Neuro Dev Log 2

Today's goals: Experiment with and get TTS and STT working.

So first I just installed the "builtin" coqui-TTS extension, and found that it worked, but not super well. I then found erew123/alltalk_TTS, which is a fork of the coqui-TTS extension with more features. The DeepSpeed option actually speeds up TTS a TON - would definitely recommend. I can get a good length output in 1-3 seconds. I tried cloning C's voice, from a previous audio clip I had of him, but it wasn't all that great. I tried cloning neuro-sama's voice from a youtube clip, but that went even worse I'm not sure how. Oh well. There's also the option to finetune the model itself, but I decided to leave trying finetuning for later.

For the STT, the built-in whisper_stt works well enough (especially with the base.en model), but I'm going to try to find a real-time transcription solution. Something like KoljaB/RealtimeSTT might work a lot better, since I could feed the finished transcription into the LLM as soon as the speaker is done talking. The ultimate goal is to reduce the latency from the moment the speaker stops talking to when the program starts outputting sound.

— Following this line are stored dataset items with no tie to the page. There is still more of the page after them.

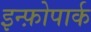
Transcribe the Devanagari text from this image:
इन्फ़ोपार्क
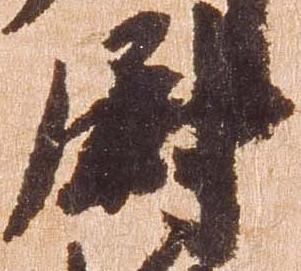
尉
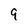
Character: 9
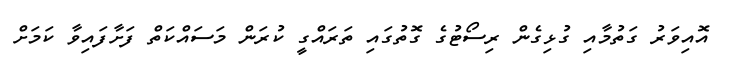
އޮއިވަރު ގަތުމާއި ގުޅިގެން ރިސޯޓުގެ ގޮތުގައި ތަރައްގީ ކުރަން މަސައްކަތް ފަށާފައިވާ ކަމަށް
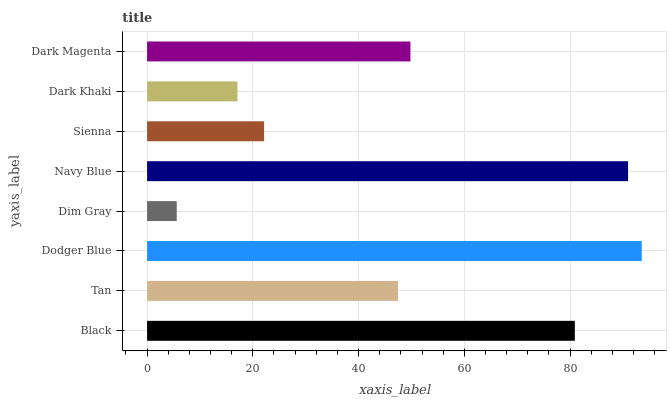
| yaxis_label | bars |
 | --- | --- |
 | Black | 80.9 |
 | Tan | 47.5 |
 | Dodger Blue | 93.6 |
 | Dim Gray | 5.61 |
 | Navy Blue | 91 |
 | Sienna | 22.1 |
 | Dark Khaki | 17.1 |
 | Dark Magenta | 49.8 |

Using the small.en took ~5 seconds to transcribe "my favorite food is a pizza", where as the base.en and tiny.en took ~2 seconds. That's not too bad, but if I can save another second by having the program transcribe as the person is still talking I'll take it.

I also tried faffing about with creating a LORA, which was not very successful. I pulled a copy of a discord channel I'm with a few friends using Tyrrrz/DiscordChatExporter, and isolated all of the messages from other C, and put it in a text file. I tried the default training settings then other stuff like 5 epochs, 1e-3 learning rate, etc but it didn't really seem to affect the model. It was a bit frustrating. I think I'll come back to it later maybe. I wasted a loooot of time on this.

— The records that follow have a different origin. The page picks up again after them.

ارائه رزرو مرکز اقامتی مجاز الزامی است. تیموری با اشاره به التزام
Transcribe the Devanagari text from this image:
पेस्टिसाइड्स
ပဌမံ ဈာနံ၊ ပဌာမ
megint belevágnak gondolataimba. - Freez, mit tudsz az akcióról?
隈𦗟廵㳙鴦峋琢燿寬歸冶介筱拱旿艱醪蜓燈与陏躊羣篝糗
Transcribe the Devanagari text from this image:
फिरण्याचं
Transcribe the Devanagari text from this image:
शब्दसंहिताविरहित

I also tried adding an example conversation to the character/system prompt like they have an example for, but I don't think that this technique is really intended for the kind of style transfer I was looking for.

The C character card and system prompt.

For whatever reason, this just made the AI spam #something all the time. Not sure why.

Regarding the LLM, I switched to the main Mistral-7B-Instruct-v0.2-GPTQ quantized model. This model is quantized to 4 bits, which leaves enough vram for the other AIs I'm going to need, and it also makes inferencing a lot faster.

I also found an amazing speedup for the LLM itself. Since yesterday, I was using the Transformer backend (since it just kinda seemed the most capable or whatever), but I discovered that switching to the exLlama (specifically ExLlamav2_HF) would make the LLM a lot faster. Before I was getting ~10 tokens/s at best, but now I can get up to ~50 tokens/s which is blazing fast. This means outputting a good length paragraph in just 1.66 seconds or a long sentence in under a second. Normally you only need ~8 tokens/s to match human reading speed, but I need the whole output asap so I can feed it into the TTS. This speedup is HUGE!

Output generated in 1.66 seconds (51.70 tokens/s)
That's fast!

Lesson 1: You can speed up your LLM with lower quantization and the right backend.

Switching to a 4 bit quantized model from the 8 bit and switching to the exLlamav2 backend (accepts GPTQ) made the LLM run a loooot faster, putting real-time conversation within reach.